How can I show that these sum are equivalent and what is the closed form of $F(x)$?
$$\sum_{j=2}^{\infty}{1\over j^x(j^2+1)}=\sum_{i=1}^{\infty}(-1)^{i-1}\zeta(2i+x)=F(x)$$
$x\ge0$
My try:
Setting $x=0$ [Just to do an example to see where I can get to...]
$$\sum_{j=2}^{\infty}{1\over j^2+1}=\sum_{i=1}^{\infty}(-1)^{i-1}\zeta(2i)$$
We know that $$\sum_{n=1}^{\infty}[\zeta(2n)-1]={3\over 4}$$
Add them and we have, I can't see any link at all!

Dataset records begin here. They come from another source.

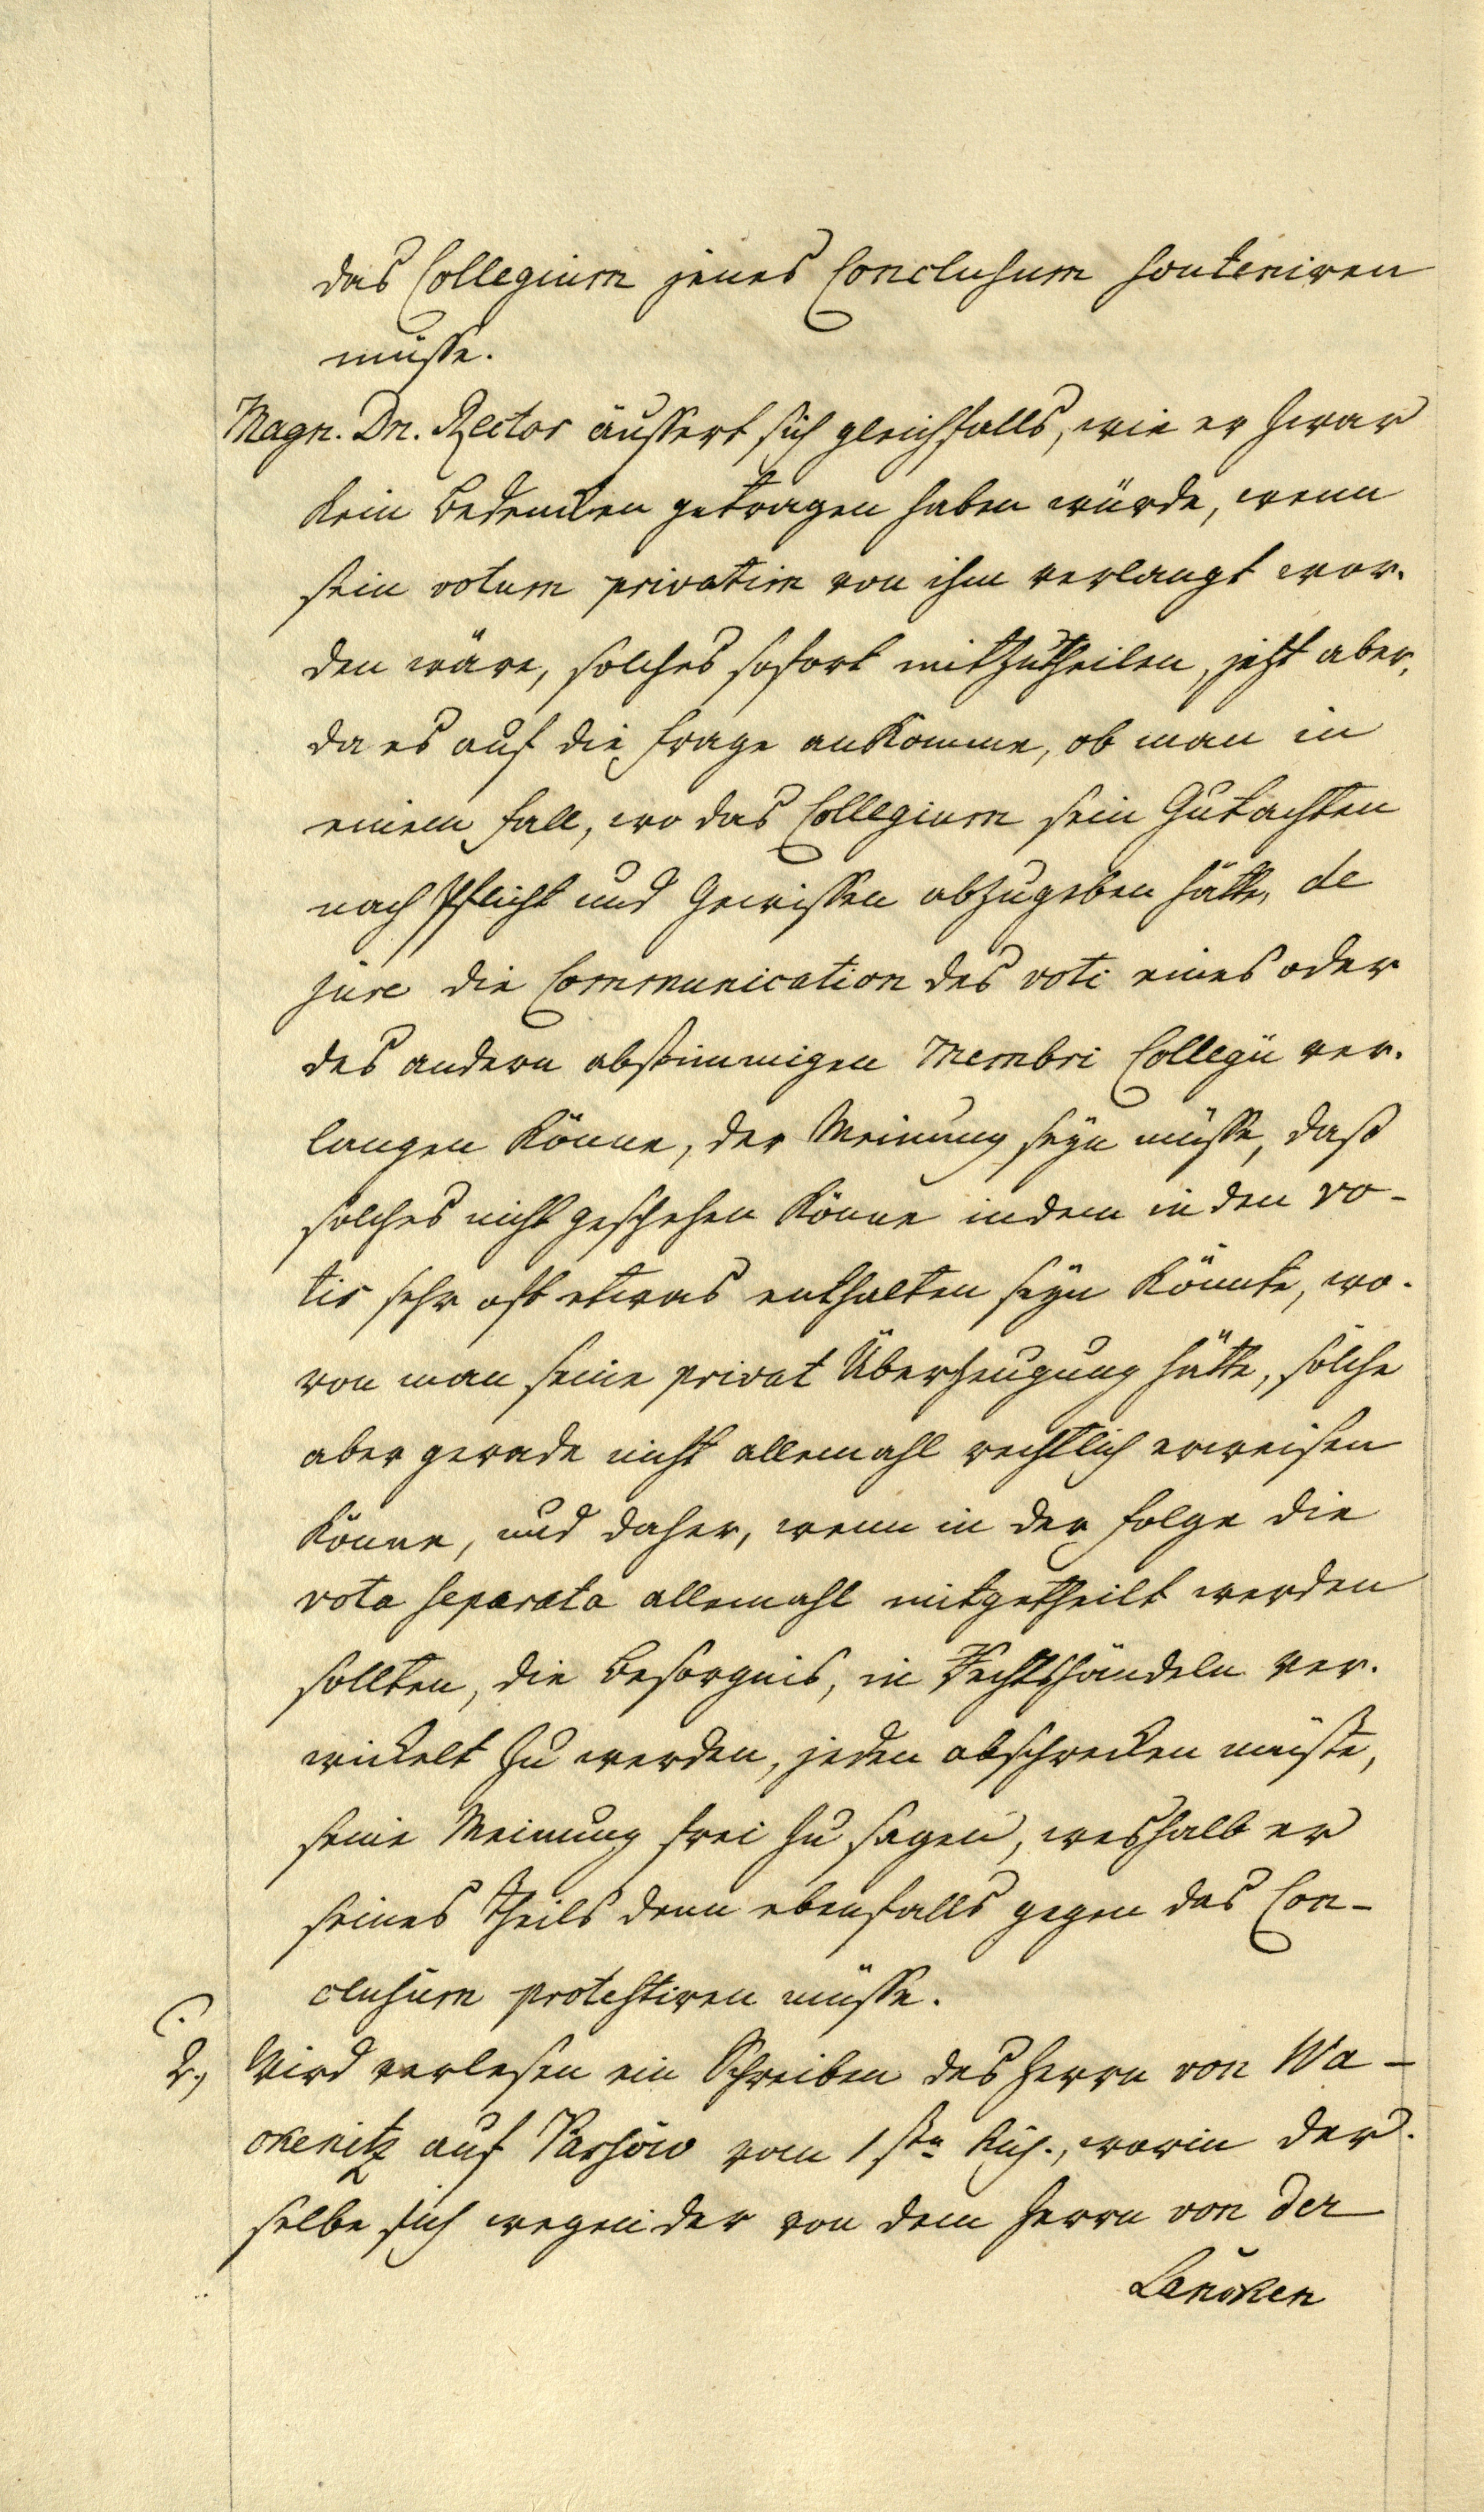das Collegium jenes Conclusum souteniren
müsse.
Magn. Dn. Rector äussert sich gleichfalls, wie er zwar
kein Bedencken getragen haben würde, wenn
sein votum privatim von ihm verlangt wor¬
den wäre, solches sofort mitzutheilen, jetzt aber,
da es auf die Frage ankomme, ob man in
einem Fall, wo das Collegium sein Gutachten
nach Pflicht und Gewissen abzugeben hätte, de
jure die Communication des voti eines oder
des andern abstimmigen Membri Collegii ver¬
langen könne, der Meinung seÿn müsse, daß
solches nicht geschehen könne indem in den vo¬
tis sehr oft etwas enthalten seÿn könnte, wo¬
von man seine privat Überzeugung hätte, solche
aber gerade nicht allemahl rechtlich erweisen
könne, und daher, wenn in der Folge die
vota separata allemahl mitgetheilt werden
sollten, die Besorgnis, in Rechtshändeln ver¬
wickelt zu werden, jeden abschrecken müßte,
seine Meinung frei zu sagen, weshalb er
seines Theils denn ebenfalls gegen des Con¬
clusum protestiren müsse.
2., Wird verlesen ein Schreiben des Herrn von Wa¬
ckenitz auf Passow vom 1 sten huj. worin der¬
selbe sich wegen der von dem Herrn von der
Lancken
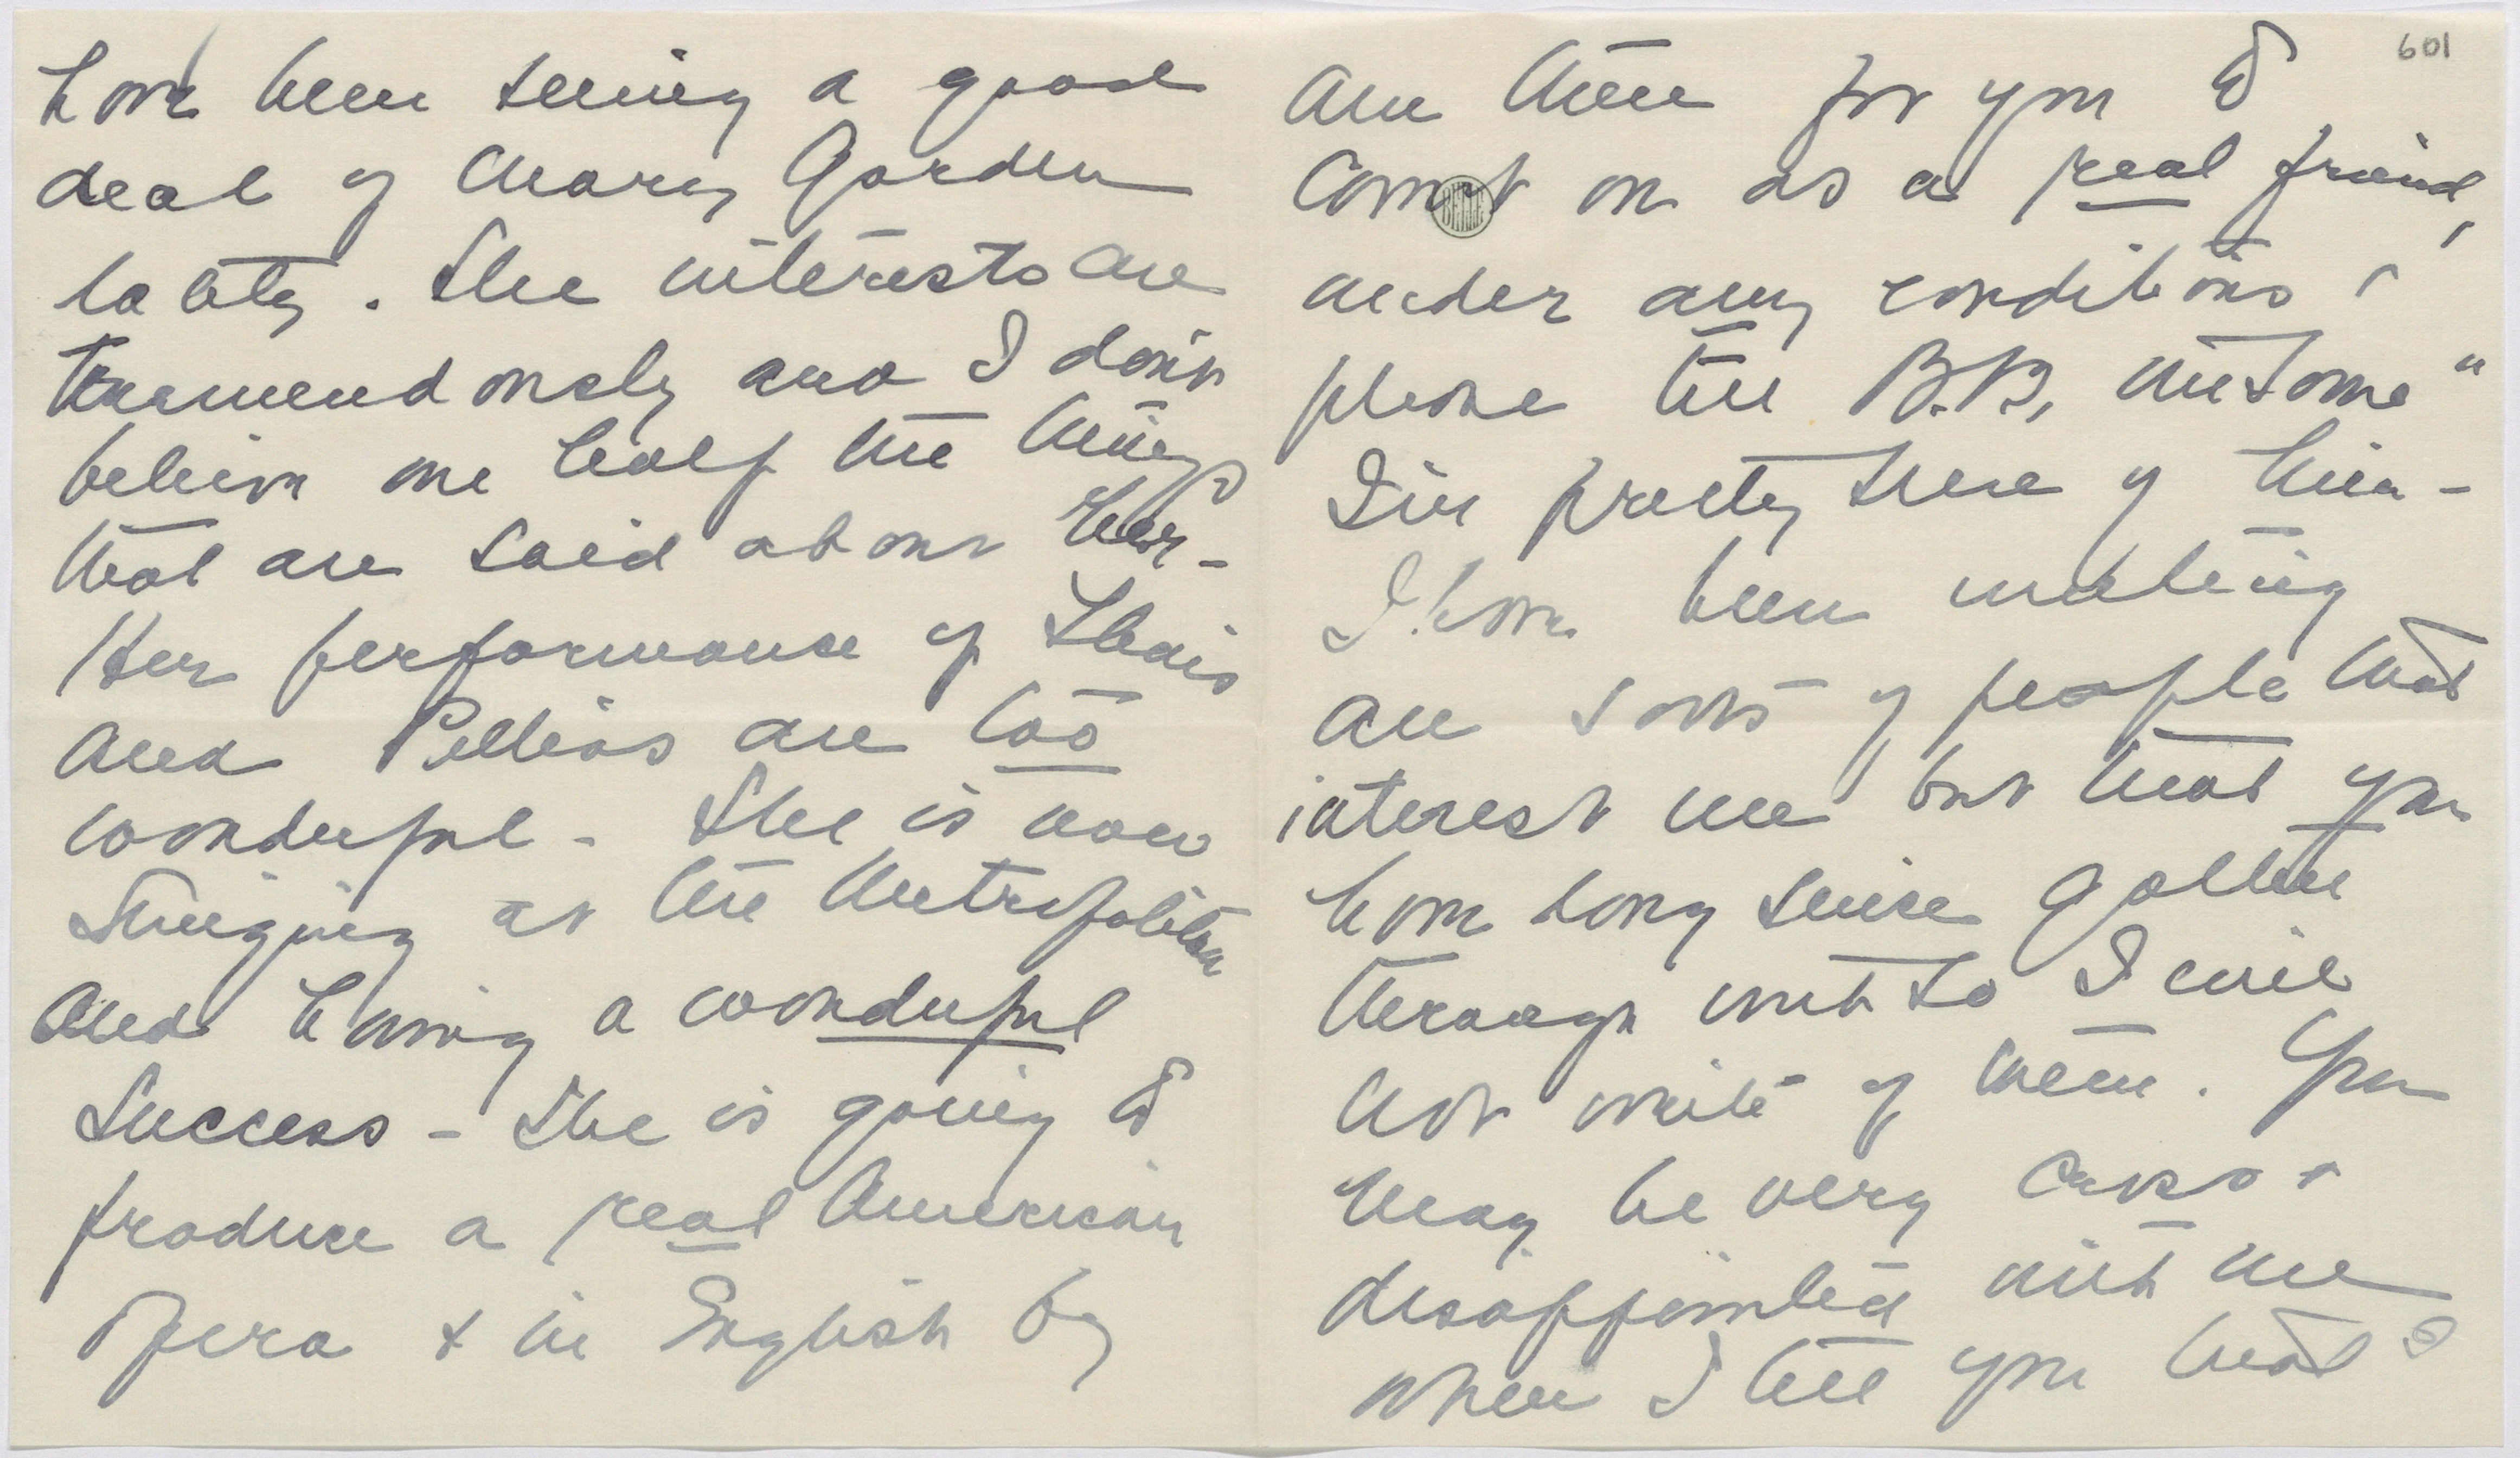am there for you to count on as a real friend, under any conditions & please tell B. B. the same”
I’m pretty sure of him –
I have been meeting all sorts of people that interest me but that you have long since gotten through with so I will not write of them. You may be very cross & disappointed with me when I tell you that I
have been seeing a good deal of Mary Garden lately. She interests me tremendously and I don’t believe one half the things that are said about her – Her performance of Thais and Pelléas are too wonderful – She is now singing at the Metropolitan and having a wonderful success – She is going to produce a real American opera & in English by

$$\sum_{i=1}^{\infty}(-1)^{i-1}\zeta(2i)+\sum_{n=1}^{\infty}[\zeta(2n)-1]=2\sum_{n=1}^{\infty}[\zeta(4n-2)-1]$$
I found this formula in wolfram
$$\sum_{k=1}^{\infty}{1\over k^2-x^2}=\sum_{n=0}^{\infty}\zeta(2n+2)x^{2n}={1-x\pi\cot{x\pi}\over 2x^2}\tag1$$
Setting $x=i=\sqrt{-1}$
We got
$${1\over 2}+\sum_{k=2}^{\infty}{1\over k^2+1}=\sum_{n=0}^{\infty}(-1)^n\zeta(2n+2)={1-i\pi\cot{i\pi}\over -2}$$
So we have
$$\sum_{k=2}^{\infty}{1\over k^2+1}=\sum_{n=0}^{\infty}(-1)^n\zeta(2n+2)={-2+i\pi\cot{i\pi}\over 2}$$
How do we used this formula (1) to find a closed form for $F(x)$?